DentonGentry commented 9 months ago

@GalOzRlz

GalOzRlz commented 9 months ago

@GalOzRlz

  • Could I ask the exact content of the "version" string passed as an input to the GitHub action? Is it "1.30.0" and nothing more?

Yep just 1.30.0

  • Could I ask what continent you are located on? I guess your jobs might run in a different GitHub datacenter, which in turn might be directed to a different CDN node.

We're in Israel.

XciD commented 9 months ago

Getting the same.

Version: 1.36.0 us-east-1 in AWS

DentonGentry commented 9 months ago

I think we've worked out the series of issues starting from a data consistency problem in a provider's tools, which led to not deploying updates to two of the nodes in our infrastructure, which led to a 404 for those unfortunate enough to hit one of those nodes.

We think this is resolved now. If you see checksum errors occurring after 5:30pm Pacific time on October 5, please update this issue.

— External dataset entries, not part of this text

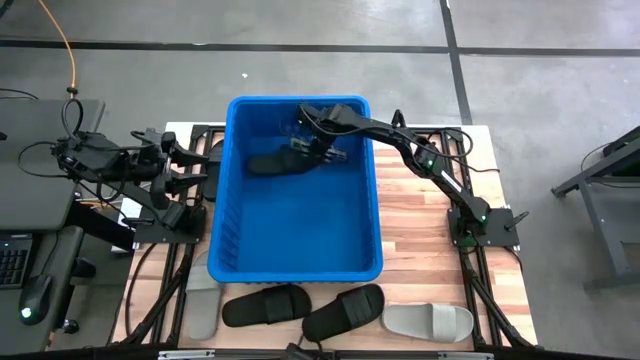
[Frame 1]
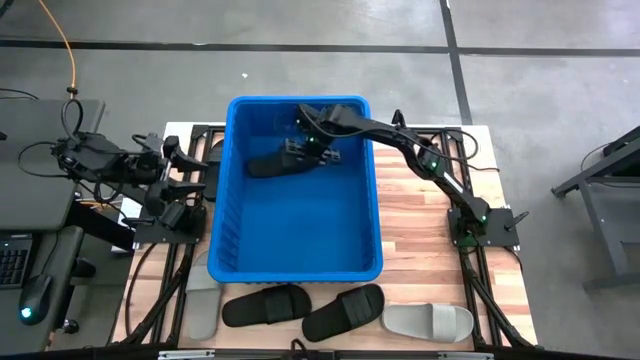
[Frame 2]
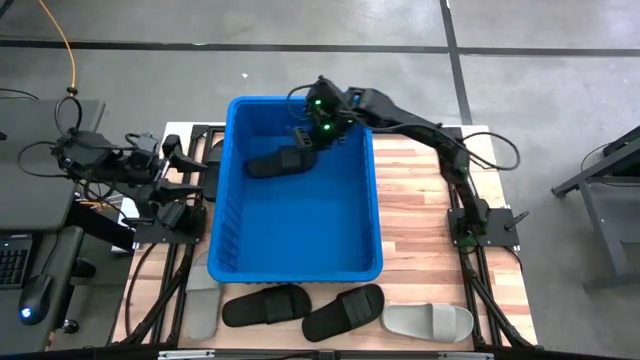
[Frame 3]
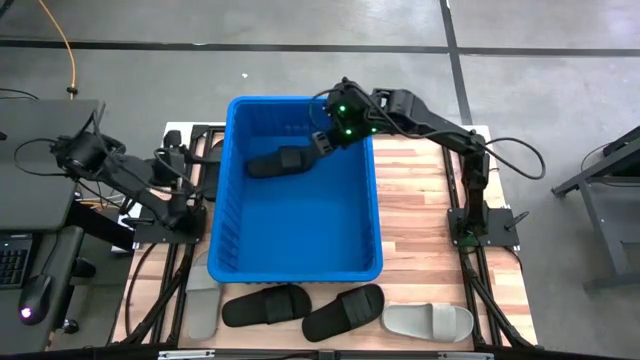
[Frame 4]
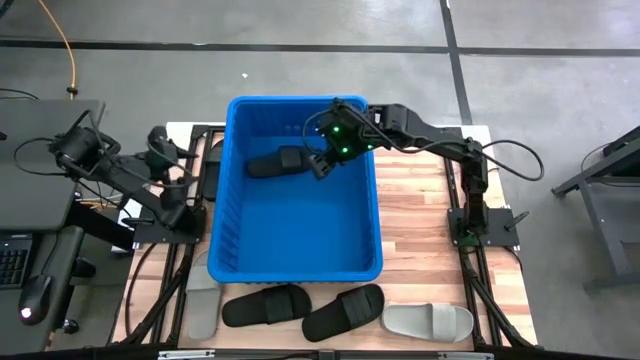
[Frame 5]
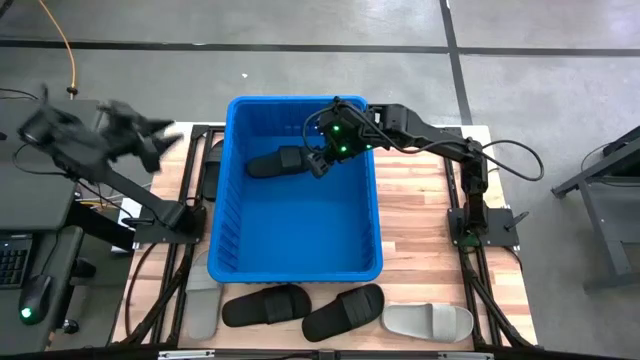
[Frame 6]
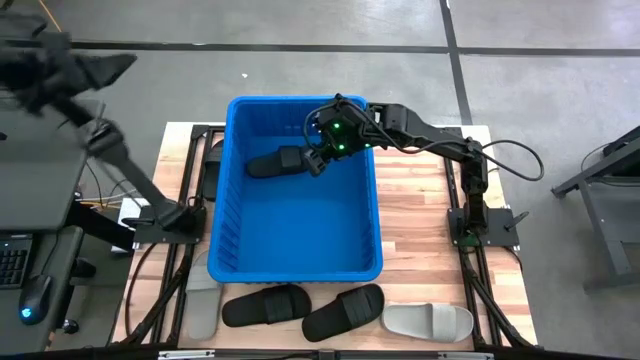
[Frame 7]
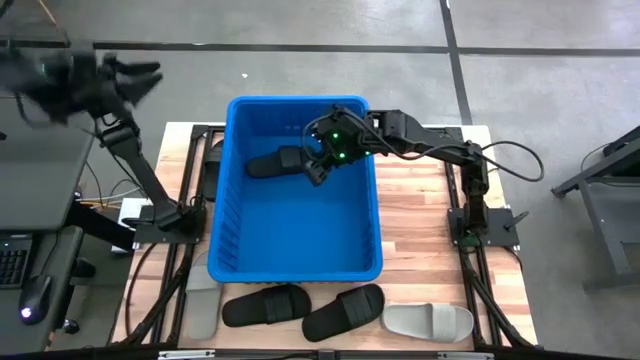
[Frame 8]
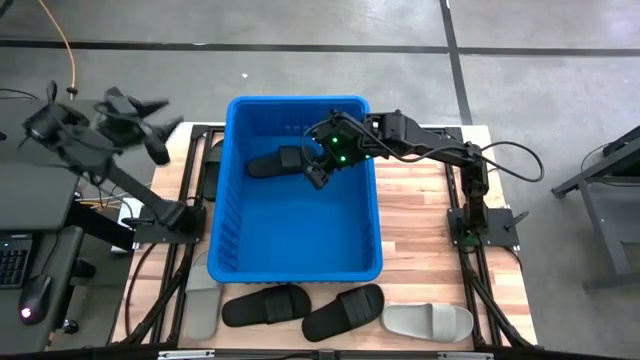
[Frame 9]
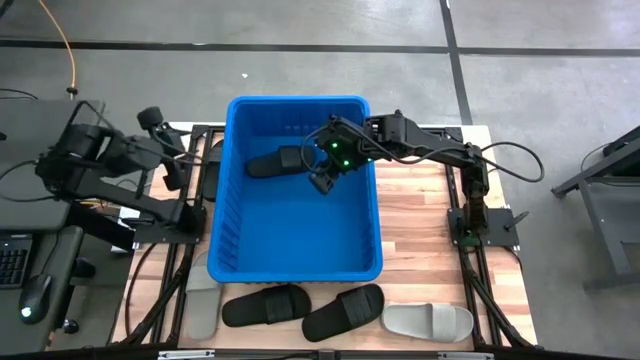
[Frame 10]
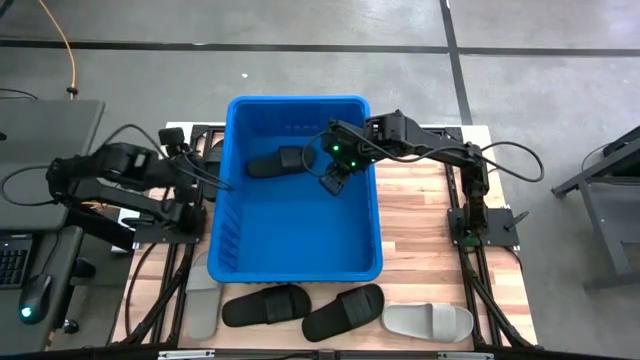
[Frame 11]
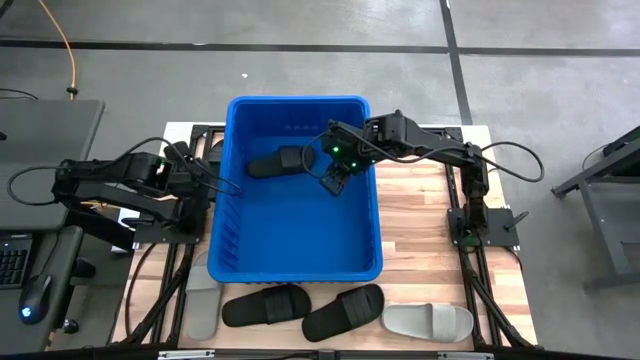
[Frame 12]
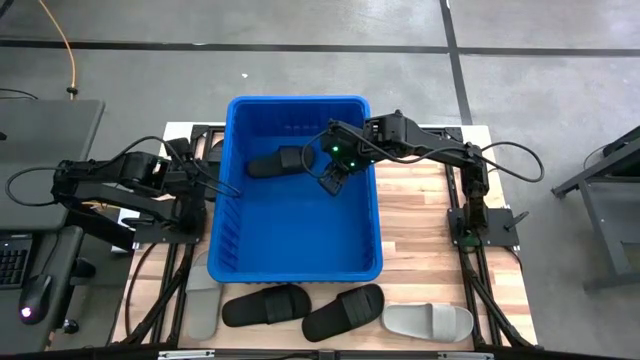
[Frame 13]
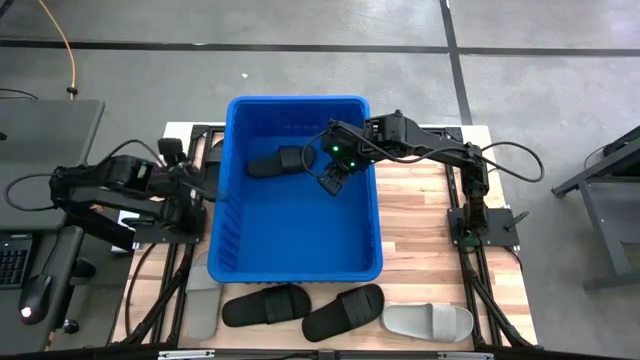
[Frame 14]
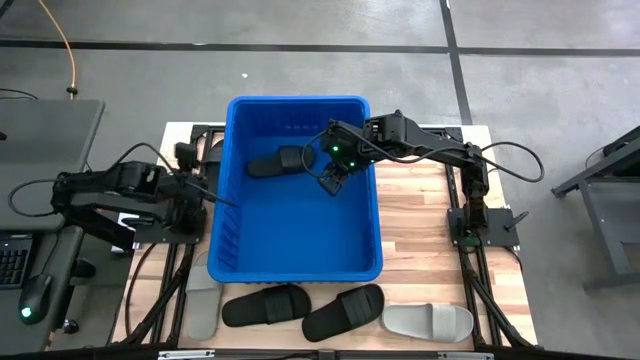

DentonGentry commented 9 months ago

We also added metrics for this specific issue, and have seen no occurrences since October 5. I'm going to close this as resolved.

For people reading this in the future, if you see "gzip: stdin: not in gzip format" or a checksum error please do not comment on this issue or reopen it. This one is fixed. If you encounter a new problem, even with the same symptom, please open a new bug.